Using the Java Messaging Service (JMS) interface, you can develop
event consumers that receive event notifications asynchronously from JMS queues
or topics.
An event consumer can be implemented as a standard Java class
or as a Message-Driven Bean (MDB).
By using the JMS interface, you can implement your event consumer using
standard Java tools and programming models, and you can avoid the performance
disadvantages of directly querying the event data store. Instead of interacting
with the Common Event Infrastructure directly, your event consumer subscribes
to JMS destinations (queues and topics) and receives event notifications in
the form of JMS messages.
The Common Event Infrastructure organizes events in event groups, which
are logical collections of events defined in the Common Event Infrastructure
configuration. A particular event consumer typically needs to receive only
events from specific event groups.
The configuration profile for each event group associates that event group
with one or more JMS destinations through which notifications related to that
event group are distributed.

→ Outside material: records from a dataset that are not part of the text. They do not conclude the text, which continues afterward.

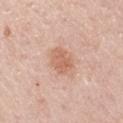Q: Was a biopsy performed?
A: catalogued during a skin exam; not biopsied
Q: How large is the lesion?
A: ≈4 mm
Q: Lesion location?
A: the left upper arm
Q: What is the imaging modality?
A: ~15 mm tile from a whole-body skin photo
Q: What are the patient's age and sex?
A: male, approximately 60 years of age
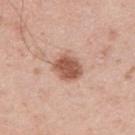{"biopsy_status": "not biopsied; imaged during a skin examination", "site": "right upper arm", "patient": {"sex": "male", "age_approx": 40}, "image": {"source": "total-body photography crop", "field_of_view_mm": 15}, "automated_metrics": {"area_mm2_approx": 8.5, "eccentricity": 0.45, "shape_asymmetry": 0.15, "nevus_likeness_0_100": 95, "lesion_detection_confidence_0_100": 100}}
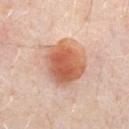Assessment:
The lesion was photographed on a routine skin check and not biopsied; there is no pathology result.
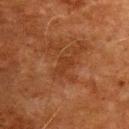Notes:
• biopsy status: total-body-photography surveillance lesion; no biopsy
• lesion diameter: about 2.5 mm
• acquisition: 15 mm crop, total-body photography
• subject: male, approximately 80 years of age
• site: the front of the torso
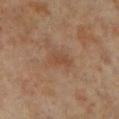{
  "biopsy_status": "not biopsied; imaged during a skin examination"
}
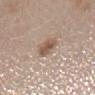Q: Was a biopsy performed?
A: catalogued during a skin exam; not biopsied
Q: What is the lesion's diameter?
A: ≈3 mm
Q: How was the tile lit?
A: white-light
Q: What is the imaging modality?
A: ~15 mm tile from a whole-body skin photo
Q: Lesion location?
A: the mid back
Q: What are the patient's age and sex?
A: female, about 45 years old
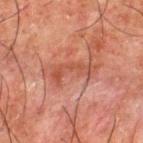Impression: Captured during whole-body skin photography for melanoma surveillance; the lesion was not biopsied. Image and clinical context: This is a cross-polarized tile. A 15 mm close-up extracted from a 3D total-body photography capture. From the upper back. An algorithmic analysis of the crop reported a footprint of about 5.5 mm², a shape eccentricity near 0.95, and two-axis asymmetry of about 0.6. The software also gave roughly 7 lightness units darker than nearby skin and a normalized lesion–skin contrast near 6. It also reported a border-irregularity index near 9/10, internal color variation of about 1 on a 0–10 scale, and radial color variation of about 0. The software also gave an automated nevus-likeness rating near 0 out of 100 and a lesion-detection confidence of about 95/100. About 5 mm across. The subject is a male approximately 50 years of age.
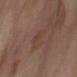biopsy status = total-body-photography surveillance lesion; no biopsy | lesion diameter = about 3.5 mm | image = ~15 mm crop, total-body skin-cancer survey | site = the abdomen | patient = female, about 55 years old | tile lighting = cross-polarized.
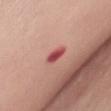biopsy status: catalogued during a skin exam; not biopsied
patient: female, in their mid- to late 60s
image: 15 mm crop, total-body photography
body site: the chest
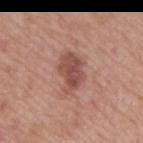Clinical impression:
The lesion was photographed on a routine skin check and not biopsied; there is no pathology result.
Background:
A male subject aged 73 to 77. On the mid back. A region of skin cropped from a whole-body photographic capture, roughly 15 mm wide.
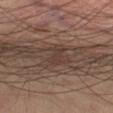Notes:
* follow-up — no biopsy performed (imaged during a skin exam)
* subject — male, in their mid-60s
* lesion size — ~2.5 mm (longest diameter)
* TBP lesion metrics — a lesion area of about 3 mm², an eccentricity of roughly 0.8, and two-axis asymmetry of about 0.45; a border-irregularity index near 4.5/10 and a within-lesion color-variation index near 0.5/10; an automated nevus-likeness rating near 0 out of 100 and a detector confidence of about 75 out of 100 that the crop contains a lesion
* anatomic site — the left thigh
* image — 15 mm crop, total-body photography
* tile lighting — cross-polarized illumination
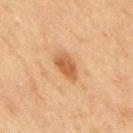Q: Was this lesion biopsied?
A: no biopsy performed (imaged during a skin exam)
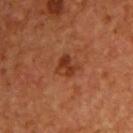patient — male, about 55 years old
lesion size — ~2.5 mm (longest diameter)
image source — 15 mm crop, total-body photography
tile lighting — cross-polarized
anatomic site — the front of the torso
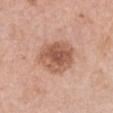Imaged during a routine full-body skin examination; the lesion was not biopsied and no histopathology is available. A female subject, aged 58 to 62. A 15 mm close-up tile from a total-body photography series done for melanoma screening. The lesion is on the chest. The recorded lesion diameter is about 5.5 mm. This is a white-light tile.
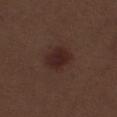Q: Was a biopsy performed?
A: no biopsy performed (imaged during a skin exam)
Q: Lesion size?
A: about 3.5 mm
Q: How was this image acquired?
A: ~15 mm tile from a whole-body skin photo
Q: How was the tile lit?
A: white-light
Q: What is the anatomic site?
A: the left thigh
Q: Patient demographics?
A: male, in their 70s
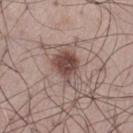Recorded during total-body skin imaging; not selected for excision or biopsy. The lesion is on the left thigh. Imaged with white-light lighting. The lesion's longest dimension is about 5 mm. A lesion tile, about 15 mm wide, cut from a 3D total-body photograph. A male patient approximately 60 years of age.
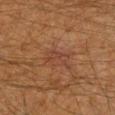{
  "biopsy_status": "not biopsied; imaged during a skin examination",
  "image": {
    "source": "total-body photography crop",
    "field_of_view_mm": 15
  },
  "site": "right forearm",
  "patient": {
    "sex": "male",
    "age_approx": 50
  },
  "lighting": "cross-polarized"
}
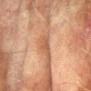Recorded during total-body skin imaging; not selected for excision or biopsy.
A male subject, aged approximately 75.
The recorded lesion diameter is about 2.5 mm.
A roughly 15 mm field-of-view crop from a total-body skin photograph.
Located on the arm.
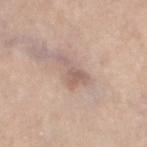notes = no biopsy performed (imaged during a skin exam)
imaging modality = ~15 mm crop, total-body skin-cancer survey
patient = female, aged around 65
site = the left thigh
tile lighting = white-light
diameter = ~4.5 mm (longest diameter)

The relationships between event groups and JMS
destinations are as follows:
- An event group can be associated with multiple queues.
- An event group can be associated with only one topic. (Multiple event
consumers can subscribe to the same topic, so publishing the same event group
to more than one topic is redundant.)
- A JMS destination (queue or topic) should typically be associated with
only one event group.
To receive messages from an event group, a JMS consumer subscribes to the
appropriate destination. Each time an event matching the associated event
group is created, modified, or deleted, a notification is delivered in the
form of a JMS message containing an event notification. The content of the
notification depends upon its type:
- For a new or modified event, the notification includes the complete event
data, which can be converted into a CommonBaseEvent instance.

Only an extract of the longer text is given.